Running Python 3.7.4 on Windows, I notice that XPath evaluation differs from the results of online evaluators, such as here or here.
Online evaluators allow entering a relative expression, which will be evaluated on the entire document. However, with lxml I get no matches on the element tree unless I make it an absolute expression by prepending a slash.
Python 3.7.4 (tags/v3.7.4:e09359112e, Jul 8 2019, 20:34:20) [MSC v.1916 64 bit (AMD64)] on win32
>>> import lxml.etree
>>> root = lxml.etree.fromstring('''
... <TestRootNode>
... <person personID="person1">
... <name>James</name>
... </person>
... <person personID="person2">
... <name>Cathy</name>
... </person>
... </TestRootNode>''')
>>> tree = root.getroottree()
>>> tree.xpath('/TestRootNode/person')
[<Element person at 0x2ceee1f4e88>, <Element person at 0x2ceee1ff048>]

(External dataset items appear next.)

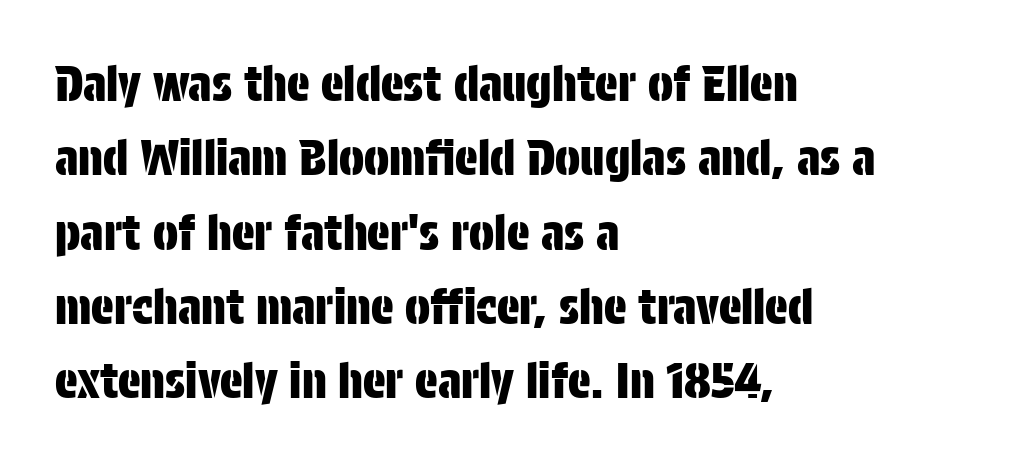
Tall strokes in this sample are plumb rather than angled. A clean baseline with only descenders dipping below it. Summary of vertical rhythm: regular, with standard interline spacing. Are there feet on the stems? There aren't — it's a sans.
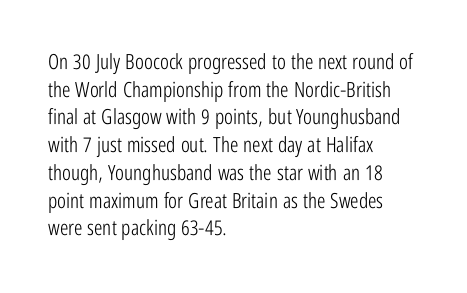
Every stem runs plumb, perpendicular to the baseline. Leftover space on each line is placed entirely after the last word. Check the space under the baseline: it is left empty. This reads as an unemphasized weight, regular at the heaviest. Caption: standard tracking, unaltered.
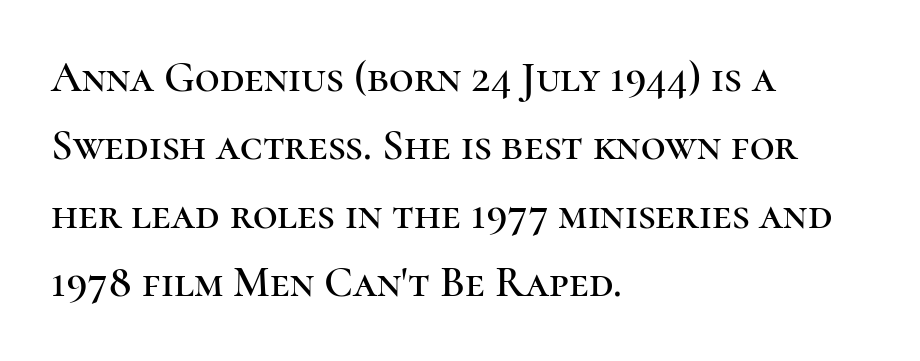
Line beginnings align vertically; line endings do not. Look at the bottom of the vertical strokes: they flare into serifs here. Underline: absent. Does extra space separate the letters? No, they use regular spacing. Leading: standard. You could not count columns in this text — the font is proportionally spaced.
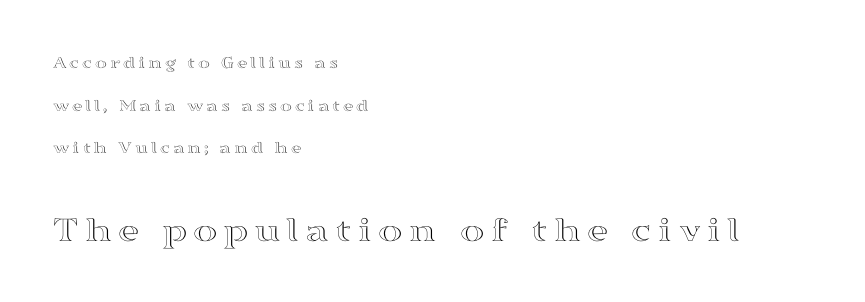
The image shows 37 px wide type, upright; set left-aligned, loose line spacing (2.37x), not underlined; the second (bottom) block is 2.06x larger; a medium x-height.

>>> tree.xpath('string(/TestRootNode/person[1])')
'\n James\n '
>>> tree.xpath('TestRootNode/person')
[]
>>> tree.xpath('string(TestRootNode/person[1])')
''
I hvae two questions:
Who is right, the online evaluators or lxml? Is it allowed to apply a relative expression in the context of the whole document?
In case the online evaluators are right: Is there a simple way to make lxml behave in the same way? Simply putting a slash at the beginning of the string won't work, as you can see from my example with the
string()
function.